Pareto Principle for Product Success

 

80-20

 

In late 1800’s an Italian economist named Vilfredo Pareto observed that 80% of Italy’s land was owned by about 20% of its population – the elite of the day. This concentration characterized by 80/20 distribution has now become the famous Pareto Principle (aka the 80/20 thumb rule). This 80/20 rule manifests itself in many areas of our day to day life. Some examples – for many non-fiction books, 80% of the main content is captured within the 20% of the pages, the rest is repetitive. For many companies, 80% of their sales income comes from 20% of their clients. In industrial environments, 20% of the hazards lead to 80% of the injuries.

Interestingly, this 80/20 rule can be used effectively to drive the strategy, execution & decision making when managing technology products & teams.

 

Product Market Fit: Most startups (& even established companies with emerging products) struggle for a while before they find their “market-fit” – i.e. they try pitching their product/service/technology in a variety of industries, verticals, use cases, price points, geographies etc. The lucky ones find the market-fit before the funding dries up and the no-so-lucky ones go belly up without ever discovering the market-fit.
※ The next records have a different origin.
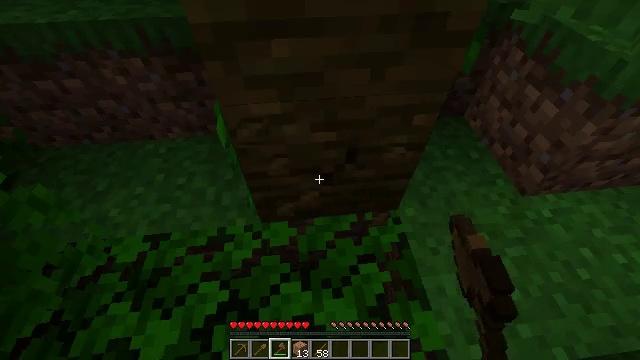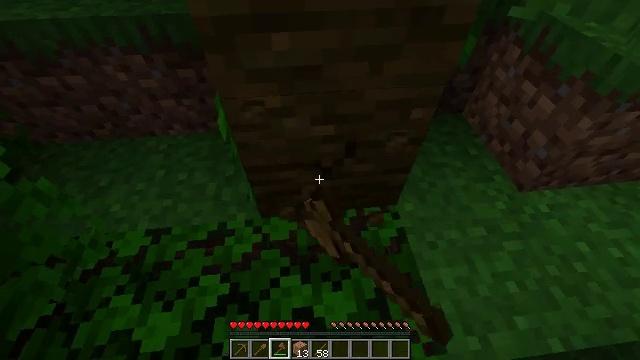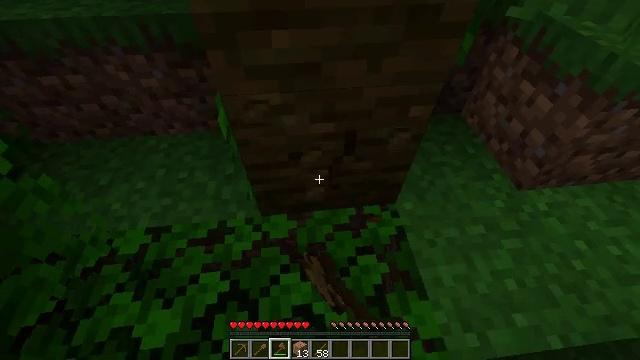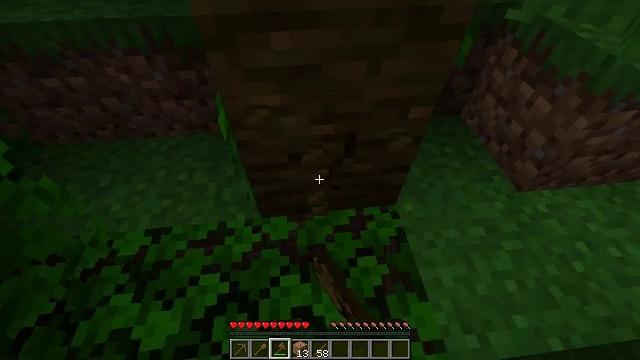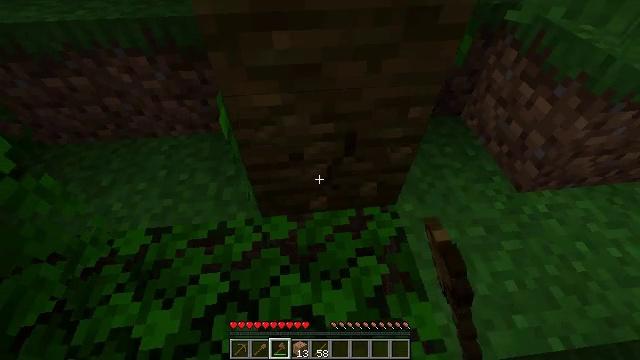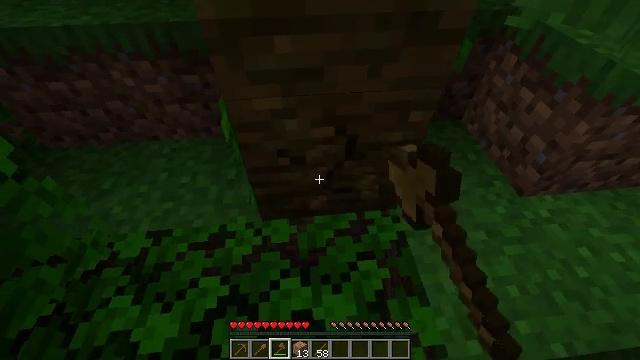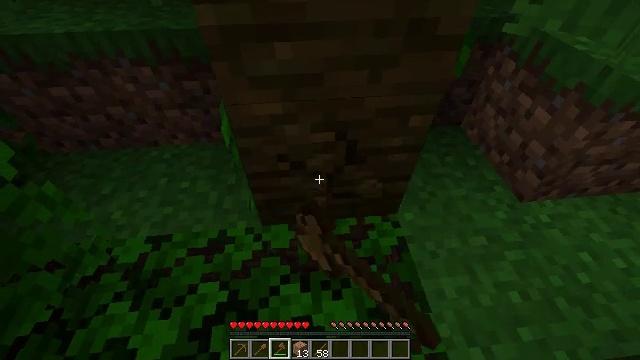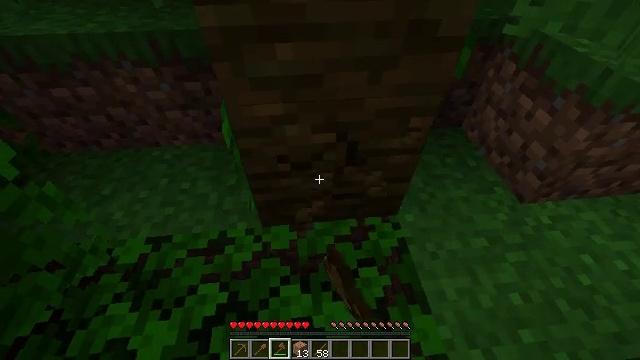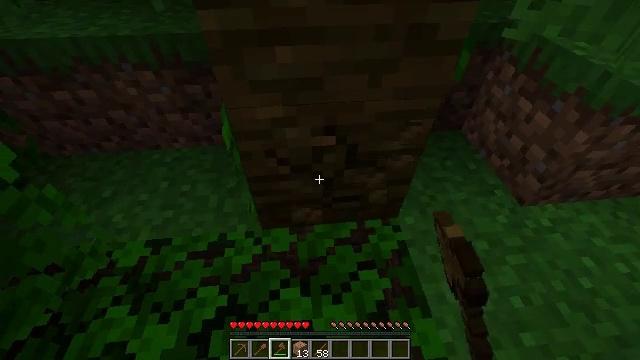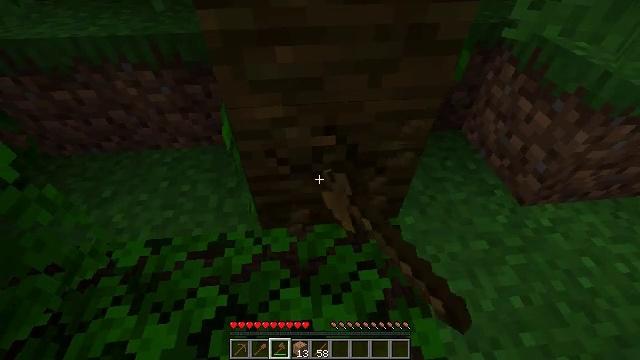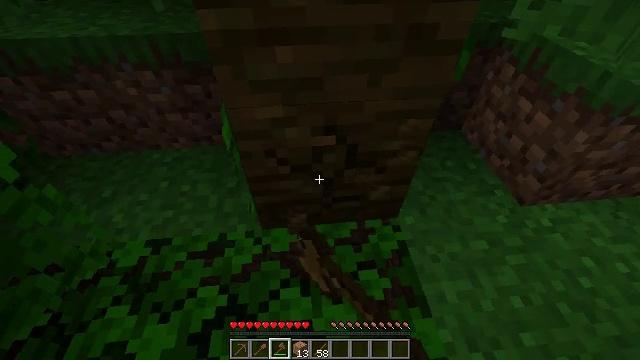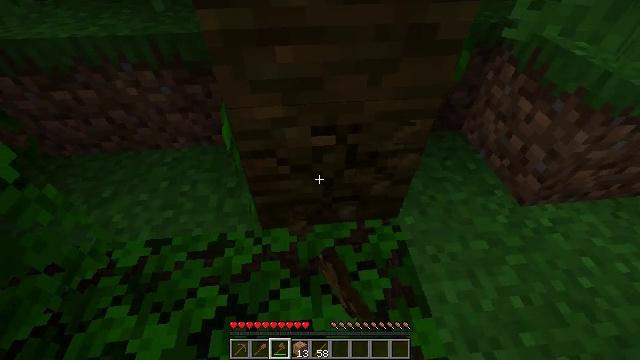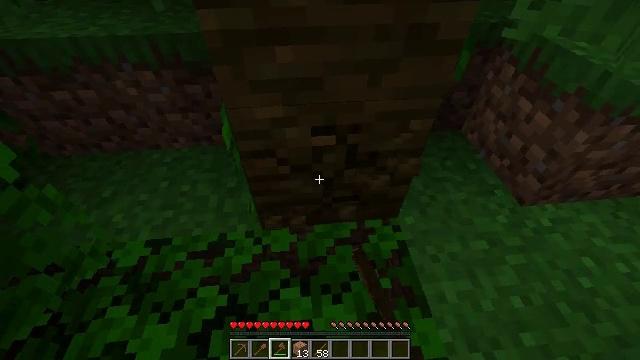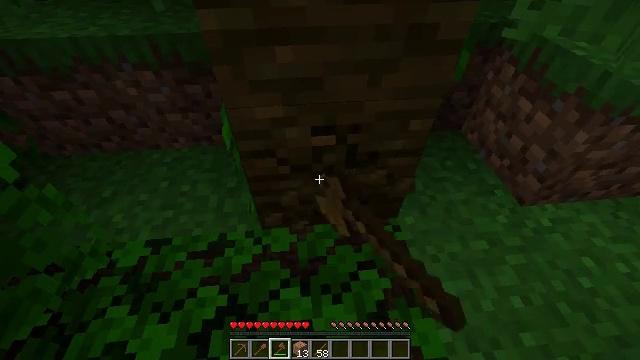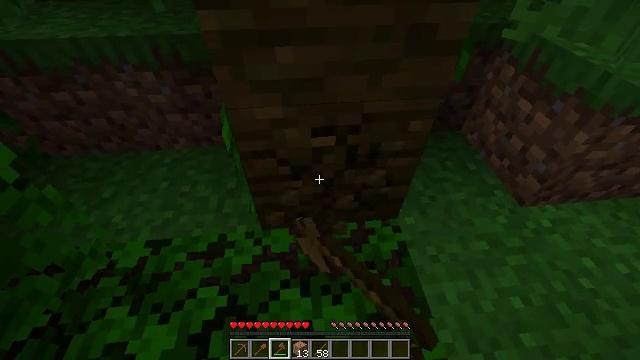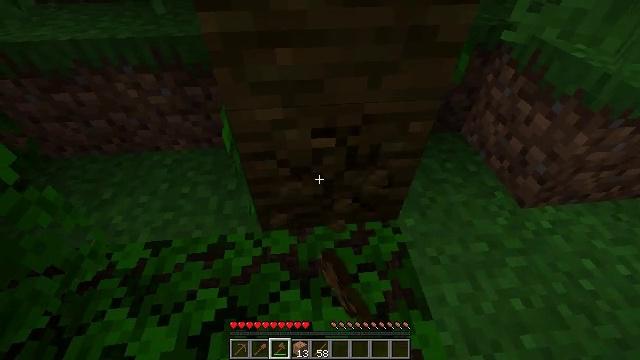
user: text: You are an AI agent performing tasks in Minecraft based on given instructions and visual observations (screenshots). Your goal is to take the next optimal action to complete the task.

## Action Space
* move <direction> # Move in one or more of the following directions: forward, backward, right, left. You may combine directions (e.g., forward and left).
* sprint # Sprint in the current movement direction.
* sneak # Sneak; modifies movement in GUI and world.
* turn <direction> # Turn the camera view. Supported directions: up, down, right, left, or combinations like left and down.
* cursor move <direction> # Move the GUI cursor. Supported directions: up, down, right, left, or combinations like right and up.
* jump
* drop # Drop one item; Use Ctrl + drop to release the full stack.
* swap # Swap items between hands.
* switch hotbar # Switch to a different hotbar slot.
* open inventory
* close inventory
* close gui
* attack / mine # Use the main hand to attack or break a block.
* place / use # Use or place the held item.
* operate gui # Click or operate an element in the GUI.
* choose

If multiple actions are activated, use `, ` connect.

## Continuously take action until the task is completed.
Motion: motion action
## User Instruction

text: Use an axe to chop the jungle log.
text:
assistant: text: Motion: attack / mine
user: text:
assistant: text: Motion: attack / mine
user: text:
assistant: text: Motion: attack / mine
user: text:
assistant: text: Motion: attack / mine
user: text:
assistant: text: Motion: attack / mine
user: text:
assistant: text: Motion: turn up, attack / mine
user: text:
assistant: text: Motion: attack / mine
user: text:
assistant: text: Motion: attack / mine
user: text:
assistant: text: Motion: attack / mine
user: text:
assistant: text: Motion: attack / mine
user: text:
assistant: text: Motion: attack / mine
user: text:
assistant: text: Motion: attack / mine
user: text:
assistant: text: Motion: attack / mine
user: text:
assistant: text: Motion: attack / mine
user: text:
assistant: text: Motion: attack / mine
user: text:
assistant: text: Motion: attack / mine
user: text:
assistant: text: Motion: attack / mine
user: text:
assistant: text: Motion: attack / mine
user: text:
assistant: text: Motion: turn up, attack / mine
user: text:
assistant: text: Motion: attack / mine
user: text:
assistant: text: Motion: attack / mine
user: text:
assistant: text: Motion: attack / mine
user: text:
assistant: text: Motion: attack / mine
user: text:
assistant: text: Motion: attack / mine
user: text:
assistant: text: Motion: attack / mine
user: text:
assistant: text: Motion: attack / mine
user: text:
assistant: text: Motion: attack / mine
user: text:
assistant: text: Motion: move forward and move right, turn up, attack / mine
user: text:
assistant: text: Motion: move forward and move right, turn left and up, attack / mine
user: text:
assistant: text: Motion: turn left and up, attack / mine
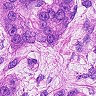
Metastatic tissue present: yes

It’s important to have a Go-To-Market strategy & target segmentation based on the attributes of your product/service. At the same time, during the discovery phase, it’s important to experiment & pitch your product for a variety of use cases – some of which should be outside your original target segment. If you are lucky, for every 10 attempts you make, you may find some semblance of market-fit in 1 or 2 cases (i.e. the 20% rule). VMware is well known for its virtualization technology. However, in the early days of VMware, they had to struggle for a long time to find the market-fit until their product landed in the hands of system administrators who were responsible for managing servers – the rest is history. To hear more about VMware’s early struggles, hear this interesting podcast interview with Diane Green (co-founder & former CEO of VMware)…

 

Product Usage: A typical technology product (software or hardware) contains many bells & whistles. My experience is (some anecdotal and some data-driven), most users (80%?) use a very small set (20%?) of the available features/capabilities on a daily basis. This provides a fantastic opportunity for product teams to derive amplified gains with minimal effort – identify the most used 20% feature-set and polish them to perfection leading to remarkable results! If your 20% feature set offers the best user experience possible, your users will love your product and think thrice before considering alternatives!

 

KPI’s: Product teams typically use metrics/OKRs/KPIs to measure & drive outcomes. These KPIs can take various forms like users, usage, transactions, customer satisfaction, NPS, repeat usage, DAU, MAU, geographical distribution, platform distribution, customer distribution, industry distribution etc. Depending on who you speak to within the company, the metrics list can be endless and it’s not practical to monitor and review all the metrics. A more practical approach to success would be to identify the top few metrics (the 20%) and drive those with a maniacal focus! Having fewer KPIs to monitor makes it easier for product teams to focus on those KPIs and drive the catalysts that grow those KPIs.

 

Key People in a Team: A typical product team (or a sub-team) consists of 6-8 people. If you are lucky, there is 1 person (i.e. 20%) who is a head-and-shoulder above the others on the team. If you are super-fantabulously lucky, you land a 10x person on your team. These are the people who can solve the prickliest of the problems or come up with ingenious ideas that take your product from mediocrity to superiority. Identify such key people and make sure that they are taken care of in every respect (i.e. compensation, assigning them non-mundane projects, protection from politics, etc.).

 

Innovation: Venture Capital companies are in the business of investing in innovative startups with the hope that they go IPO or get acquired. The reality is, for every 10 companies the VC’s invest in, about 2 of them find some success while the rest flop. Google is known as one of the most innovative companies with a string of “successful” products such as Search, Maps, Gmail, Chrome, Android, YouTube, Android etc. The reality is, 84% of Google’s revenue comes from its advertising initiative – the 80/20 rule at play again! Even successful companies like Google have to chase a variety of innovations before they can find a “hit”. What this means for corporates is, to drive innovation, you must have the willingness to stomach 8 or 9 losses before they can hit 1 or 2 successful products. Without this willingness to invest in losses, innovation cannot happen!

 

Use the 80/20 to find yourself 100% success!